Effect of HOXC9 knockdown on MCF7 and BT474 cells. (A) RT-PCR result showing the suppression of HOXC9 expression in si_HOXC9 treated cells. Nonspecific siRNA (si_Con) was used as the control. The MTT assay (B) and Matrigel invasion assay (C) were performed to measure cell proliferation and invasion ability, respectively. *; p < 0.05, **; p < 0.01 vs. si_Con treated cells.

Figure 3

Prognostic significance of HOXC9 expression in breast cancer patients. (A) Publically available data retrieved from GENT (http://medical-genome.kribb.re.kr/GENT) show that HOXC9 is upregulated in breast cancer tissues. breast-C: breast cancer tissues, breast-N: normal breast tissues. Each circle represents an individual tissue sample. Data are shown as boxplots. The Y axis of the plot indicates normalized expression measures. The box extends from the 25th to 75th percentiles and the line in the middle of the box is plotted at the median. Significance was analyzed using an unpaired t-test (p = 2.913E-11). (B-G) Survival analysis using the MTCI breast cancer survival analysis tool (http://glados.ucd.ie/BreastMark/).
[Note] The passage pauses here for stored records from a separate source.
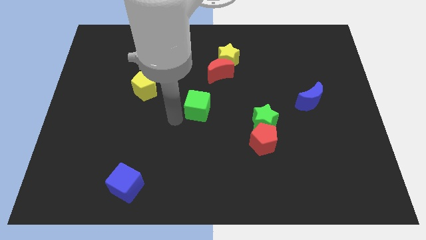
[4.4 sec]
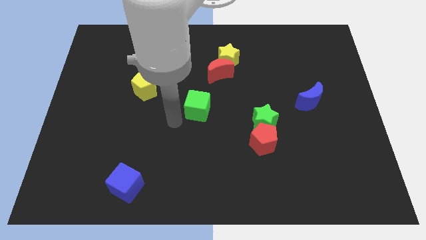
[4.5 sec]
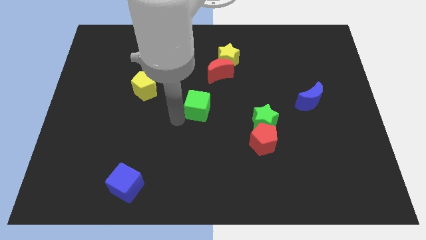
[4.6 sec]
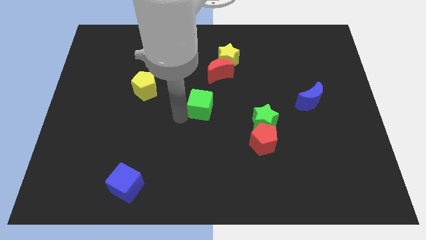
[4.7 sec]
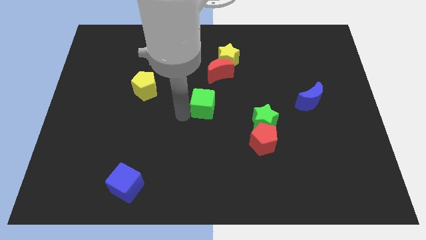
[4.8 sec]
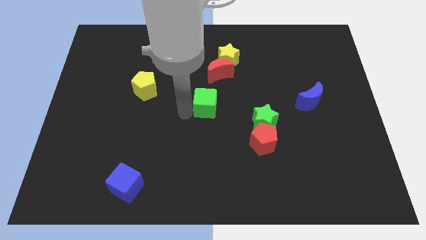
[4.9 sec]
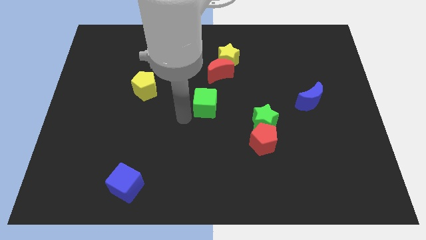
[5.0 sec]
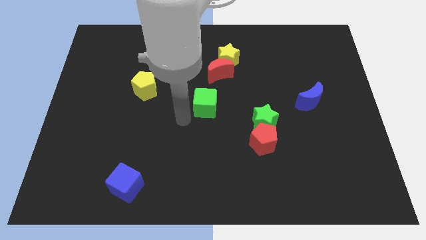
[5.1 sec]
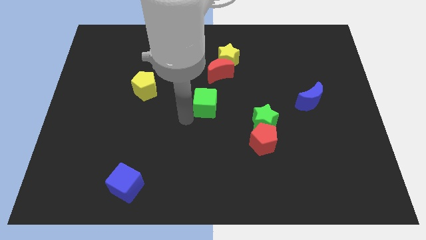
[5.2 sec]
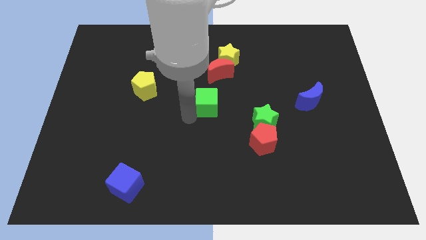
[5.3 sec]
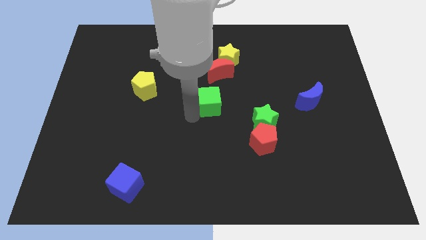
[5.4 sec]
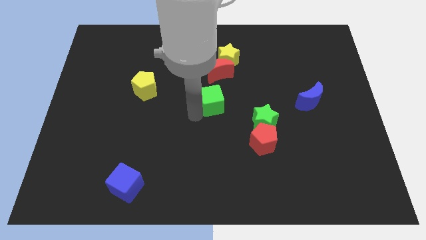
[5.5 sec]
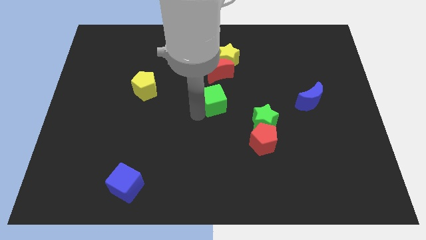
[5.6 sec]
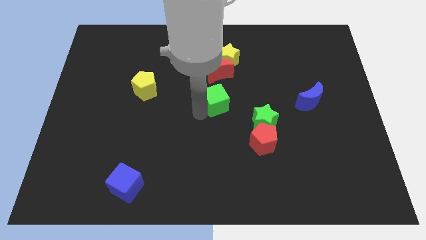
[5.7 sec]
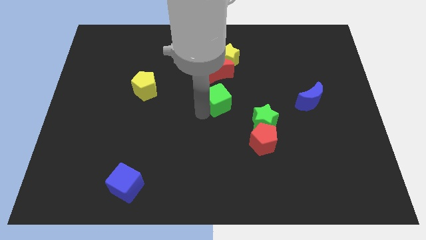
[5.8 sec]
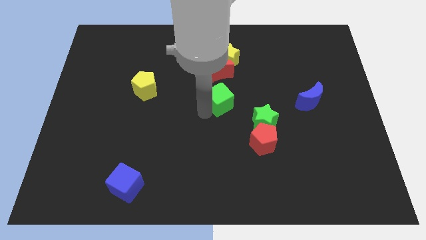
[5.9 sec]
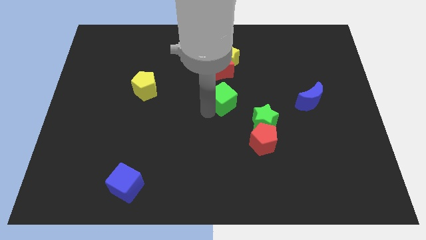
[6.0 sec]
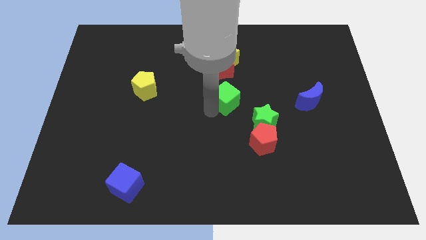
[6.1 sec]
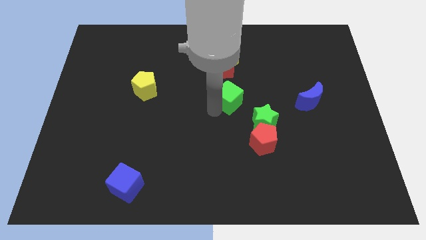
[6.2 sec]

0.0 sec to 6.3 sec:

Disease free survival (DFS) (n = 1533, number of events = 767, hazard ratio = 1.164 [0.9947 - 1.363], p = 0.058) (B) and distant metastasis-free survival (DMFS) (n = 577, number of events = 187, hazard ratio = 1.758 [1.3-2.379], p = 0.000208) (C) in all patients. DFS (n = 633, number of events = 278, hazard ratio = 1.382 [1.074-1.778] p = 0.0116) (D) and DMFS (n = 257, number of events = 109, hazard ratio = 2.17 [1.483-3.176], p = 4.351e-05) (E) in lymph node-positive patients. DFS (n = 538, number of events = 163, hazard ratio = 1.03 [0.7574-1.401], p = 0.85) (F) and DMFS (n = 276, number of events = 57, hazard ratio = 1.289 [0.7646 - 2.174], p = 0.339) (G) in lymph node-negative patients.